Instructions for the task
Set down every record below exactly as written, but leave out the pictures.

Dataset excerpts
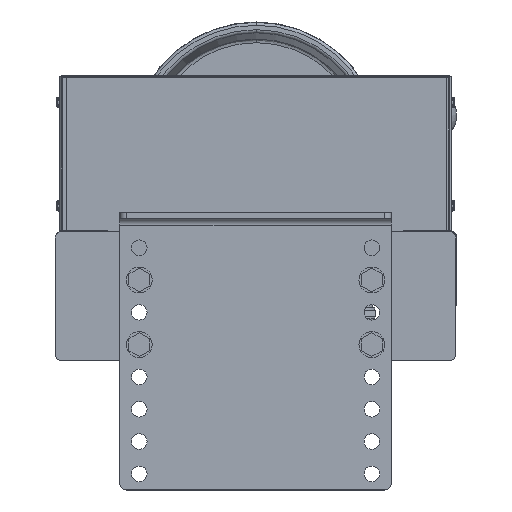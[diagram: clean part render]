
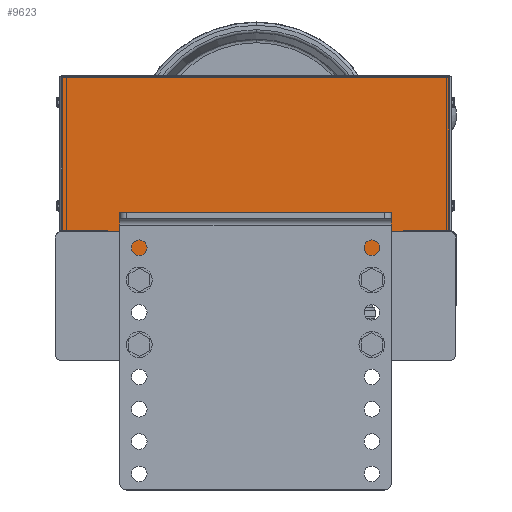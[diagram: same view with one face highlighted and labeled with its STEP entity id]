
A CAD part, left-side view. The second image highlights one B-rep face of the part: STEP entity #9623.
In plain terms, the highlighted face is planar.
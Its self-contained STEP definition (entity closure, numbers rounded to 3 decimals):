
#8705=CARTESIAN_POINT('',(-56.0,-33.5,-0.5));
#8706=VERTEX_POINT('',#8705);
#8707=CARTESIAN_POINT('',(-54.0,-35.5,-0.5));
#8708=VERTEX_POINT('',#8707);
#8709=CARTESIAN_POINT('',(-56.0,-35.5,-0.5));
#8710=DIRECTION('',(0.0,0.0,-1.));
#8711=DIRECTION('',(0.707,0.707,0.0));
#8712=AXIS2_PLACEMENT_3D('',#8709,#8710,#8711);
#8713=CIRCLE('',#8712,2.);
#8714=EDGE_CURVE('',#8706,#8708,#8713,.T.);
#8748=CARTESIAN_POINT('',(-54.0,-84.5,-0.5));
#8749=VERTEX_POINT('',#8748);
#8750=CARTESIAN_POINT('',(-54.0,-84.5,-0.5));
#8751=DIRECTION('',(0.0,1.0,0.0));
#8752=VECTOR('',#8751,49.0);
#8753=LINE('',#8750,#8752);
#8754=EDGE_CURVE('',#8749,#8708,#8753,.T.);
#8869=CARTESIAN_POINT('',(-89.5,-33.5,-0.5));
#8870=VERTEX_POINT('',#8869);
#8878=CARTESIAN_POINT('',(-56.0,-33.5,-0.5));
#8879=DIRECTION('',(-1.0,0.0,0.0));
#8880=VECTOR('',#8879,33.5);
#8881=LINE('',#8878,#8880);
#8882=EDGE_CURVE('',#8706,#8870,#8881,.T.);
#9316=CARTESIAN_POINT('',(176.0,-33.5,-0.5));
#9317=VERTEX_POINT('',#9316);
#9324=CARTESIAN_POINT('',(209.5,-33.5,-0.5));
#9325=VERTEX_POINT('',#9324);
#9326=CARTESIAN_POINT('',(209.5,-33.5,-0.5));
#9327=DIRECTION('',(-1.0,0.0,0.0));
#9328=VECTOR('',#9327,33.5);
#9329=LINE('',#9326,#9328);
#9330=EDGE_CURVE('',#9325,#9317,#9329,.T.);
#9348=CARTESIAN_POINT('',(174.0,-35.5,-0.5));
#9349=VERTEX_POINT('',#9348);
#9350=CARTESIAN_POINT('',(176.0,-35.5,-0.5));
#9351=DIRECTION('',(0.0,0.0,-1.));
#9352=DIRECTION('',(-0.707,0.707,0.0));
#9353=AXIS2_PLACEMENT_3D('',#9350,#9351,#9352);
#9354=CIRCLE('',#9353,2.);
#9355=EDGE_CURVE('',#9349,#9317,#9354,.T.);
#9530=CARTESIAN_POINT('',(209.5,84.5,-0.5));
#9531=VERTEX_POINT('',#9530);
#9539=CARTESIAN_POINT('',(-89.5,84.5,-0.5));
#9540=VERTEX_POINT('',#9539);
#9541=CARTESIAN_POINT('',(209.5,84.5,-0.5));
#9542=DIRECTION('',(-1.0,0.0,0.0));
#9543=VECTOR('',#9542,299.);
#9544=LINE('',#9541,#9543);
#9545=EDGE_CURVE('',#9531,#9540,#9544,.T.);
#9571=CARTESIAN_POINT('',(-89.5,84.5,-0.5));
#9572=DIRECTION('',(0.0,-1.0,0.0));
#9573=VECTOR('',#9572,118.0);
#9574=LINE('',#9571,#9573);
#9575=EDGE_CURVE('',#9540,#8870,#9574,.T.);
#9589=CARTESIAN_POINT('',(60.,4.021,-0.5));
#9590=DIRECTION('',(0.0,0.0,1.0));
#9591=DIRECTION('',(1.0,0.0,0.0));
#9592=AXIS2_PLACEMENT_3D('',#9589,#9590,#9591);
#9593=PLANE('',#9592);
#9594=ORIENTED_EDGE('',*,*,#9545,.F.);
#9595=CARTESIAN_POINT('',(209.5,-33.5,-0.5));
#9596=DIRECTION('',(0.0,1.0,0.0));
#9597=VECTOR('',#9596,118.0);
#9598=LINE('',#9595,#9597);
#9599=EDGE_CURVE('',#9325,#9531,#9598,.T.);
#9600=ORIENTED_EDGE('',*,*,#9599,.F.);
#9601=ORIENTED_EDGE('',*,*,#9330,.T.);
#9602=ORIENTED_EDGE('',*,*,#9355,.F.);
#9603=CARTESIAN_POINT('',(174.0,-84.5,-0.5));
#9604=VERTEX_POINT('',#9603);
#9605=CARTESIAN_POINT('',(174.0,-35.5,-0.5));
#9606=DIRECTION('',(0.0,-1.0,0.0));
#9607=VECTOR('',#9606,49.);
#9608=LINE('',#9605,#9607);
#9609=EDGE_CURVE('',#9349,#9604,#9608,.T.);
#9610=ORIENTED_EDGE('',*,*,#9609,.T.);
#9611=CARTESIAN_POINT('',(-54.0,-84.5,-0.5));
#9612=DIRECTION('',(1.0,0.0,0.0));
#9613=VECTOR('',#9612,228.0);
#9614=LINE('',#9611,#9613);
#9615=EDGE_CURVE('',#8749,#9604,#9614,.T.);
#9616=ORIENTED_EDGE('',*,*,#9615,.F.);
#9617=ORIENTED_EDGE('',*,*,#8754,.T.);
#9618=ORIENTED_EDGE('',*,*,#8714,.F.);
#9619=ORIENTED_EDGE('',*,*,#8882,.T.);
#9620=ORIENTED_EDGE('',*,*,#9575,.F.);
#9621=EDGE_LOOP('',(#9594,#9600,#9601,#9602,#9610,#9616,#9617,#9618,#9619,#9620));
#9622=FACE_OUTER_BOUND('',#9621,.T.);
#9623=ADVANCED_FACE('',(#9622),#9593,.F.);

Solution to this task
[diagram: clean part render]
[diagram: same view with one face highlighted and labeled with its STEP entity id]
A CAD part, left-side view. The second image highlights one B-rep face of the part: STEP entity #9623.
In plain terms, the highlighted face is planar.
Its self-contained STEP definition (entity closure, numbers rounded to 3 decimals):
#8705=CARTESIAN_POINT('',(-56.0,-33.5,-0.5));
#8706=VERTEX_POINT('',#8705);
#8707=CARTESIAN_POINT('',(-54.0,-35.5,-0.5));
#8708=VERTEX_POINT('',#8707);
#8709=CARTESIAN_POINT('',(-56.0,-35.5,-0.5));
#8710=DIRECTION('',(0.0,0.0,-1.));
#8711=DIRECTION('',(0.707,0.707,0.0));
#8712=AXIS2_PLACEMENT_3D('',#8709,#8710,#8711);
#8713=CIRCLE('',#8712,2.);
#8714=EDGE_CURVE('',#8706,#8708,#8713,.T.);
#8748=CARTESIAN_POINT('',(-54.0,-84.5,-0.5));
#8749=VERTEX_POINT('',#8748);
#8750=CARTESIAN_POINT('',(-54.0,-84.5,-0.5));
#8751=DIRECTION('',(0.0,1.0,0.0));
#8752=VECTOR('',#8751,49.0);
#8753=LINE('',#8750,#8752);
#8754=EDGE_CURVE('',#8749,#8708,#8753,.T.);
#8869=CARTESIAN_POINT('',(-89.5,-33.5,-0.5));
#8870=VERTEX_POINT('',#8869);
#8878=CARTESIAN_POINT('',(-56.0,-33.5,-0.5));
#8879=DIRECTION('',(-1.0,0.0,0.0));
#8880=VECTOR('',#8879,33.5);
#8881=LINE('',#8878,#8880);
#8882=EDGE_CURVE('',#8706,#8870,#8881,.T.);
#9316=CARTESIAN_POINT('',(176.0,-33.5,-0.5));
#9317=VERTEX_POINT('',#9316);
#9324=CARTESIAN_POINT('',(209.5,-33.5,-0.5));
#9325=VERTEX_POINT('',#9324);
#9326=CARTESIAN_POINT('',(209.5,-33.5,-0.5));
#9327=DIRECTION('',(-1.0,0.0,0.0));
#9328=VECTOR('',#9327,33.5);
#9329=LINE('',#9326,#9328);
#9330=EDGE_CURVE('',#9325,#9317,#9329,.T.);
#9348=CARTESIAN_POINT('',(174.0,-35.5,-0.5));
#9349=VERTEX_POINT('',#9348);
#9350=CARTESIAN_POINT('',(176.0,-35.5,-0.5));
#9351=DIRECTION('',(0.0,0.0,-1.));
#9352=DIRECTION('',(-0.707,0.707,0.0));
#9353=AXIS2_PLACEMENT_3D('',#9350,#9351,#9352);
#9354=CIRCLE('',#9353,2.);
#9355=EDGE_CURVE('',#9349,#9317,#9354,.T.);
#9530=CARTESIAN_POINT('',(209.5,84.5,-0.5));
#9531=VERTEX_POINT('',#9530);
#9539=CARTESIAN_POINT('',(-89.5,84.5,-0.5));
#9540=VERTEX_POINT('',#9539);
#9541=CARTESIAN_POINT('',(209.5,84.5,-0.5));
#9542=DIRECTION('',(-1.0,0.0,0.0));
#9543=VECTOR('',#9542,299.);
#9544=LINE('',#9541,#9543);
#9545=EDGE_CURVE('',#9531,#9540,#9544,.T.);
#9571=CARTESIAN_POINT('',(-89.5,84.5,-0.5));
#9572=DIRECTION('',(0.0,-1.0,0.0));
#9573=VECTOR('',#9572,118.0);
#9574=LINE('',#9571,#9573);
#9575=EDGE_CURVE('',#9540,#8870,#9574,.T.);
#9589=CARTESIAN_POINT('',(60.,4.021,-0.5));
#9590=DIRECTION('',(0.0,0.0,1.0));
#9591=DIRECTION('',(1.0,0.0,0.0));
#9592=AXIS2_PLACEMENT_3D('',#9589,#9590,#9591);
#9593=PLANE('',#9592);
#9594=ORIENTED_EDGE('',*,*,#9545,.F.);
#9595=CARTESIAN_POINT('',(209.5,-33.5,-0.5));
#9596=DIRECTION('',(0.0,1.0,0.0));
#9597=VECTOR('',#9596,118.0);
#9598=LINE('',#9595,#9597);
#9599=EDGE_CURVE('',#9325,#9531,#9598,.T.);
#9600=ORIENTED_EDGE('',*,*,#9599,.F.);
#9601=ORIENTED_EDGE('',*,*,#9330,.T.);
#9602=ORIENTED_EDGE('',*,*,#9355,.F.);
#9603=CARTESIAN_POINT('',(174.0,-84.5,-0.5));
#9604=VERTEX_POINT('',#9603);
#9605=CARTESIAN_POINT('',(174.0,-35.5,-0.5));
#9606=DIRECTION('',(0.0,-1.0,0.0));
#9607=VECTOR('',#9606,49.);
#9608=LINE('',#9605,#9607);
#9609=EDGE_CURVE('',#9349,#9604,#9608,.T.);
#9610=ORIENTED_EDGE('',*,*,#9609,.T.);
#9611=CARTESIAN_POINT('',(-54.0,-84.5,-0.5));
#9612=DIRECTION('',(1.0,0.0,0.0));
#9613=VECTOR('',#9612,228.0);
#9614=LINE('',#9611,#9613);
#9615=EDGE_CURVE('',#8749,#9604,#9614,.T.);
#9616=ORIENTED_EDGE('',*,*,#9615,.F.);
#9617=ORIENTED_EDGE('',*,*,#8754,.T.);
#9618=ORIENTED_EDGE('',*,*,#8714,.F.);
#9619=ORIENTED_EDGE('',*,*,#8882,.T.);
#9620=ORIENTED_EDGE('',*,*,#9575,.F.);
#9621=EDGE_LOOP('',(#9594,#9600,#9601,#9602,#9610,#9616,#9617,#9618,#9619,#9620));
#9622=FACE_OUTER_BOUND('',#9621,.T.);
#9623=ADVANCED_FACE('',(#9622),#9593,.F.);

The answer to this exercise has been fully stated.